#### [RECORDS SHOWN]
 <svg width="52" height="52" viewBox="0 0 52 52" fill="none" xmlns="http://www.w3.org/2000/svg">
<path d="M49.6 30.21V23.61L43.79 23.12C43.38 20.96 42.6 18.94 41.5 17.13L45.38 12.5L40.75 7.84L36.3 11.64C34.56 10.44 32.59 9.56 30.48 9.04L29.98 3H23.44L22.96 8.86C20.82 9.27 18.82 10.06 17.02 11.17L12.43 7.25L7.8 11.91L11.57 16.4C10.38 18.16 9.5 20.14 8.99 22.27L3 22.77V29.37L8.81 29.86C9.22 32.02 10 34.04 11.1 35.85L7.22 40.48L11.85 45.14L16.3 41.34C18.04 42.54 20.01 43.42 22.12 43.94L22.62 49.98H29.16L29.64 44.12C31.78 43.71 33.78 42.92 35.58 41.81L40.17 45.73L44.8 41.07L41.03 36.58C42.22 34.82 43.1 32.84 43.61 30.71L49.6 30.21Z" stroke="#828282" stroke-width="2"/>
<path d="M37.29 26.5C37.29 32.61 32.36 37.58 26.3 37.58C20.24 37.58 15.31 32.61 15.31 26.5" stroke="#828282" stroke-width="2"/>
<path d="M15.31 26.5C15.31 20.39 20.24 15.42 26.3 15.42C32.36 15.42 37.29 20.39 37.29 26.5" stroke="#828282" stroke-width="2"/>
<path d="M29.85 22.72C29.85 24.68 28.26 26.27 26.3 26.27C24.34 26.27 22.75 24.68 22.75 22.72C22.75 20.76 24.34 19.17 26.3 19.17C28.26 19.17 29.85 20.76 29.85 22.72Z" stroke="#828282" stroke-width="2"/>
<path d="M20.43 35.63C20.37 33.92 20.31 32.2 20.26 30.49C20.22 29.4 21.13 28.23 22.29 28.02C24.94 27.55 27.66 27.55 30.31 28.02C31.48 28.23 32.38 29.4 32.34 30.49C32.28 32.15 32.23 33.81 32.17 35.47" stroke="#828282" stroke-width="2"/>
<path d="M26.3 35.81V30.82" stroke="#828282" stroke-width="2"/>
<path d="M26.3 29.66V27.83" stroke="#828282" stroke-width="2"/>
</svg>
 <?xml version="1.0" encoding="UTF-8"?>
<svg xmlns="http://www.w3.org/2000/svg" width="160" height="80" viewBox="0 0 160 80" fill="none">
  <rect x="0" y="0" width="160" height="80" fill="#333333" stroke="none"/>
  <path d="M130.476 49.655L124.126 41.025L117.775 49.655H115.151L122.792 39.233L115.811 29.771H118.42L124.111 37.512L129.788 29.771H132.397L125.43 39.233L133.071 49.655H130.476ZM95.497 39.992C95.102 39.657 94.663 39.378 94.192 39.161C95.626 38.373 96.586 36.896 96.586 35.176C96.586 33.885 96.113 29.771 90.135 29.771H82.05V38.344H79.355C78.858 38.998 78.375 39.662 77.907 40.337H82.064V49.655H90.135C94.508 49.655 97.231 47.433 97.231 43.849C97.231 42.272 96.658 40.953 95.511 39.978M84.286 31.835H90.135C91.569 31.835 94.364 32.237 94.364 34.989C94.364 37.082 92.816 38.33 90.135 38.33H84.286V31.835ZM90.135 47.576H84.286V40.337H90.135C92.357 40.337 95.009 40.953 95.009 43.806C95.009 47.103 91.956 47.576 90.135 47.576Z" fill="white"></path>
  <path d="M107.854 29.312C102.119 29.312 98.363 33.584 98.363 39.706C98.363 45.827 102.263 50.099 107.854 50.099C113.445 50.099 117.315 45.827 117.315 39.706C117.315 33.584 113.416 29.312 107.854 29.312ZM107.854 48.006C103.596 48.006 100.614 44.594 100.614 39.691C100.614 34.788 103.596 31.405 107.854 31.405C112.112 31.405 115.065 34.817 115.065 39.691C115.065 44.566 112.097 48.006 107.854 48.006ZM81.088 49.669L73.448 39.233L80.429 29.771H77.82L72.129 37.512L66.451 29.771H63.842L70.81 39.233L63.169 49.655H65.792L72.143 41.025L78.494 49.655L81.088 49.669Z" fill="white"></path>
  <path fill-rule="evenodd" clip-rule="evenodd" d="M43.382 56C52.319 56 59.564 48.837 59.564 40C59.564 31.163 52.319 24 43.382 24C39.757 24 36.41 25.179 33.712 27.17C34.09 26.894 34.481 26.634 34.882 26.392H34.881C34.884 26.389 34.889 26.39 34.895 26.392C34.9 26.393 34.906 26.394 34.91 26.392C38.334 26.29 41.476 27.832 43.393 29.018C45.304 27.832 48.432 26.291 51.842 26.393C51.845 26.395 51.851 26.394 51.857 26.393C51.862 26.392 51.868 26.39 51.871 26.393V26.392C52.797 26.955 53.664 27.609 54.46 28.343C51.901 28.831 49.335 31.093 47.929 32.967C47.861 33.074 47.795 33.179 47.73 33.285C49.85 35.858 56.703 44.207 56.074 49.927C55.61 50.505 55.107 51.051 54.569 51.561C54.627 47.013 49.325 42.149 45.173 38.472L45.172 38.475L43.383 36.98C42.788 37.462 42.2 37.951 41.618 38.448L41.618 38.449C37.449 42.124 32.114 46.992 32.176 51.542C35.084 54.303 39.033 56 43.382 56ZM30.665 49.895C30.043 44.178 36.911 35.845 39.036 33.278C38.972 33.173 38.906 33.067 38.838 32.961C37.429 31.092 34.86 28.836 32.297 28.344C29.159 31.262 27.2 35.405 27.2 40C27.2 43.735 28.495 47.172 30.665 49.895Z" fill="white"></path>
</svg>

#### [TASK DESCRIPTION]
Report every line of the entries that carries the word "http".

#### [OUTPUT OF THE TASK]
 <svg width="52" height="52" viewBox="0 0 52 52" fill="none" xmlns="http://www.w3.org/2000/svg">
<svg xmlns="http://www.w3.org/2000/svg" width="160" height="80" viewBox="0 0 160 80" fill="none">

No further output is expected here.